Along with substance, the newest incarnation of Gordon Brown emphasizes “change.” In his New Year’s message, he pledged to pursue “not the old politics, but new policies equal to the demands of a new time.” How he will balance the prudence of the old Brown with the electorate’s demands is an open question. For guidance, he and his advisors are paying close attention to the battle between experience and change in the U.S. presidential campaign. While his opponent, the fresh-faced Cameron, 41, has sought to corner the market on change, and was quick—perhaps too quick—to pronounce Barack Obama’s campaign as “highly attractive,” the Brown team was pleased with the results of the Democratic primary in New Hampshire. There, the putative change candidate, the 46-year-old Obama, lost to Hillary Clinton, 60. Exit polls showed voters who wanted experience in the next president outnumbered those who wanted change and favored Clinton over Obama by 66 points. Several sources close to Brown who would not be quoted by name discussing political strategy say he is likely to turn down the volume on change if Clinton continues to fare well.

Voters may come to see such calibration as still more political spin. But Brown’s advisers hope the coming economic fragility (GDP growth is slowing, the housing market is weakening) will play to his strengths.
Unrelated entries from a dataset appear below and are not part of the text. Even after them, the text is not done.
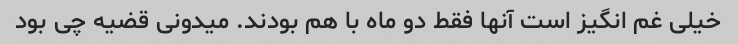
خیلی غم انگیز است آنها فقط دو ماه با هم بودند. میدونی قضیه چی بود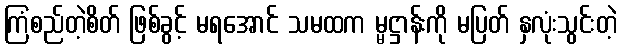
ကြံစည်တဲ့စိတ် ဖြစ်ခွင့် မရအောင် သမထက မ္မဋ္ဌာန်းကို မပြတ် နှလုံးသွင်းတဲ့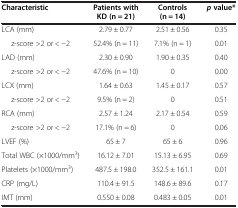
| Characteristic | Patients with KD (n = 21) | Controls (n = 14) | p value* |
 | --- | --- | --- | --- |
 | LCA (mm) | 2.79 ± 0.77 | 2.51 ± 0.56 | 0.35 |
 | z-score >2 or < -2 | 52.4% (n = 11) | 7.1% (n = 1) | 0.01 |
 | LAD (mm) | 2.30 ± 0.90 | 1.90 ± 0.35 | 0.40 |
 | z-score >2 or < -2 | 47.6% (n = 10) | 0 | 0.00 |
 | LCX (mm) | 1.64 ± 0.63 | 1.45 ± 0.17 | 0.57 |
 | z-score >2 or < -2 | 9.5% (n = 2) | 0 | 0.51 |
 | RCA (mm) | 2.57 ± 1.24 | 2.17 ± 0.54 | 0.59 |
 | z-score >2 or < -2 | 17.1% (n = 6) | 0 | 0.06 |
 | LVEF (%) | 65 ± 7 | 65 ± 6 | 0.96 |
 | Total WBC (×1000/mm3) | 16.12 ± 7.01 | 15.13 ± 6.95 | 0.69 |
 | Platelets (×1000/mm3) | 487.5 ± 198.0 | 352.5 ± 161.1 | 0.01 |
 | CRP (mg/L) | 110.4 ± 91.5 | 148.6 ± 89.6 | 0.17 |
 | IMT (mm) | 0.550 ± 0.08 | 0.483 ± 0.05 | 0.01 |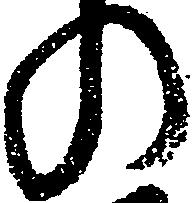
の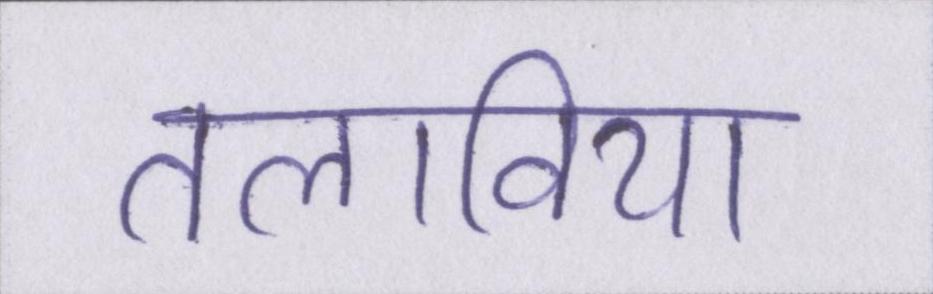
तलाविया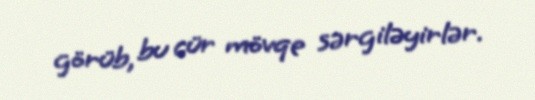
görüb, bu cür mövqe sərgiləyirlər.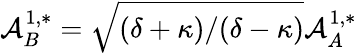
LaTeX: \mathcal{A}_{B}^{1,*}=\sqrt{(\delta+\kappa)/(\delta-\kappa)}\mathcal{A}_{A}^{1,*}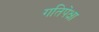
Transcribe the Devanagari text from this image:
गतिपेक्षा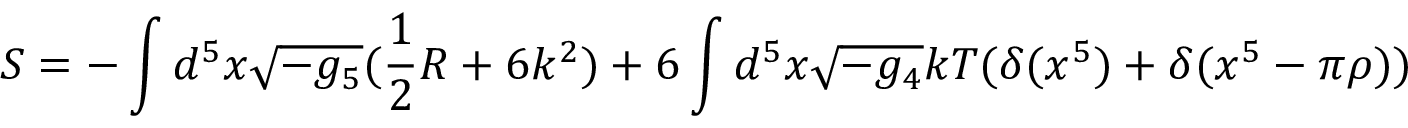
S = - \int d ^ { 5 } x \sqrt { - g _ { 5 } } ( \frac { 1 } { 2 } R + 6 k ^ { 2 } ) + 6 \int d ^ { 5 } x \sqrt { - g _ { 4 } } k T ( \delta ( x ^ { 5 } ) + \delta ( x ^ { 5 } - \pi \rho ) )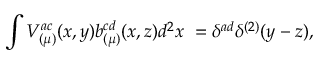
\int V _ { ( \mu ) } ^ { a c } ( x , y ) b _ { ( \mu ) } ^ { c d } ( x , z ) d ^ { 2 } x ~ = \delta ^ { a d } \delta ^ { ( 2 ) } ( y - z ) ,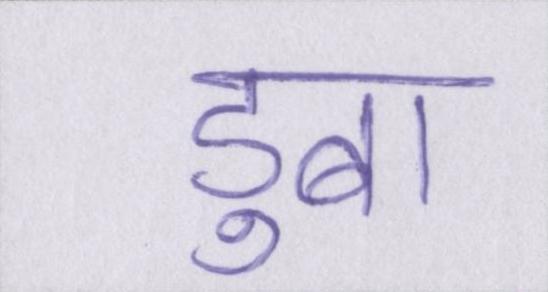
डुबा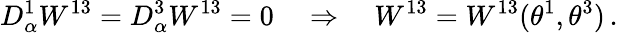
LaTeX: D_{\alpha}^{1}W^{13}=D_{\alpha}^{3}W^{13}=0\quad\Rightarrow\quad W^{13}=W^{13}(\theta^{1},\theta^{3})\, .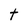
Character: t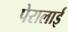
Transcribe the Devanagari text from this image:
पेरालाई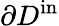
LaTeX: \partial D^{\mathrm{in}}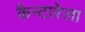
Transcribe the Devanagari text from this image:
कैन्टारेला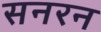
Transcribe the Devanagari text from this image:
सनरन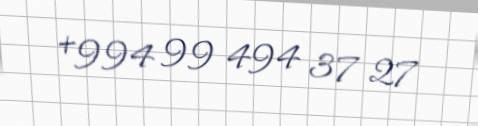
+994 99 494 37 27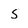
Character: 5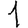
Digit: 1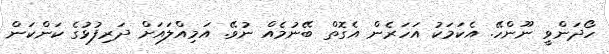
ހޯދަންވީ ނޫންހޭ. އެކަމަކު އަހަރެން އެގޮތް ބޭނުމެއް ނުވޭ. އަމިއްލައަށް ދަރިފުޅުގެ ކަންކަން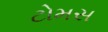
ટોમસ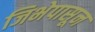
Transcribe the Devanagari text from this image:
जिभेपासून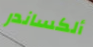
ألكساندر
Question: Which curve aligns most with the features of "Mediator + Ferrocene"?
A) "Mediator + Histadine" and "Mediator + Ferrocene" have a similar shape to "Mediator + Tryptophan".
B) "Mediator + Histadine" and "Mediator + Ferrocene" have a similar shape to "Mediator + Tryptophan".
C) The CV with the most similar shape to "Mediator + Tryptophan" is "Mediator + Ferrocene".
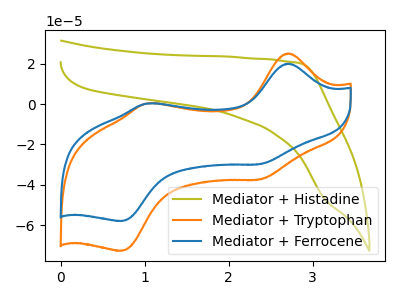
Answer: <think>The olive curve "Mediator + Histadine" has no peaks. The orange curve "Mediator + Tryptophan" has anodic peaks at (2.70V, 25.10uA) (1.05V, 0.35uA) and cathodic peaks at (2.35V, -37.40uA) (0.70V, -72.70uA). The blue curve "Mediator + Ferrocene" has anodic peaks at (2.70V, 20.05uA) (1.05V, 0.30uA) and cathodic peaks at (2.35V, -29.80uA) (0.70V, -57.95uA).
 "Mediator + Histadine" and "Mediator + Tryptophan" have a different number of peaks. "Mediator + Histadine" and "Mediator + Ferrocene" have a different number of peaks. All the peaks in "Mediator + Tryptophan" have a peak in "Mediator + Ferrocene" at the same potential. Every peak in "Mediator + Tryptophan" is higher than every peak in "Mediator + Ferrocene".</think>
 <answer>C) The CV with the most similar shape to "Mediator + Tryptophan" is "Mediator + Ferrocene".</answer>
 <eval>C</eval>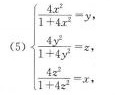
(5)$$\begin { cases }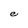
Character: e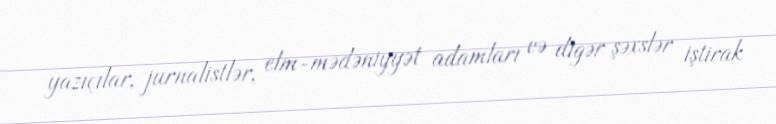
yazıçılar, jurnalistlər, elm-mədəniyyət adamları və digər şəxslər iştirak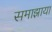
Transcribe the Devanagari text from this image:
समाझाया

Cameron, predictably, told the House of Commons recently it will all end in tears for Brown: “He can talk about long-termism all he likes, but everybody knows it’s just a smokescreen for the short-term mess that he’s made.”

With the next general election not expected until 2009 or 2010, both parties are in it for the long haul. Brown “has time on his hands, but it won’t be easy,” says Blair biographer Peter Snowdon. Many Labour foot soldiers agree, and worry that Cameron, as he moves his still-unreconstructed party to the center, will continue to lay claim to erstwhile Labour issues like combating climate change and restoring the National Health Service to its former glory. “Labour has a good brand but bad marketing,” says a Labour M.P. who did not want to be quoted by name when criticizing his leader. “The Conservatives have no brand but good marketing.” Brown has two years or less to get it right.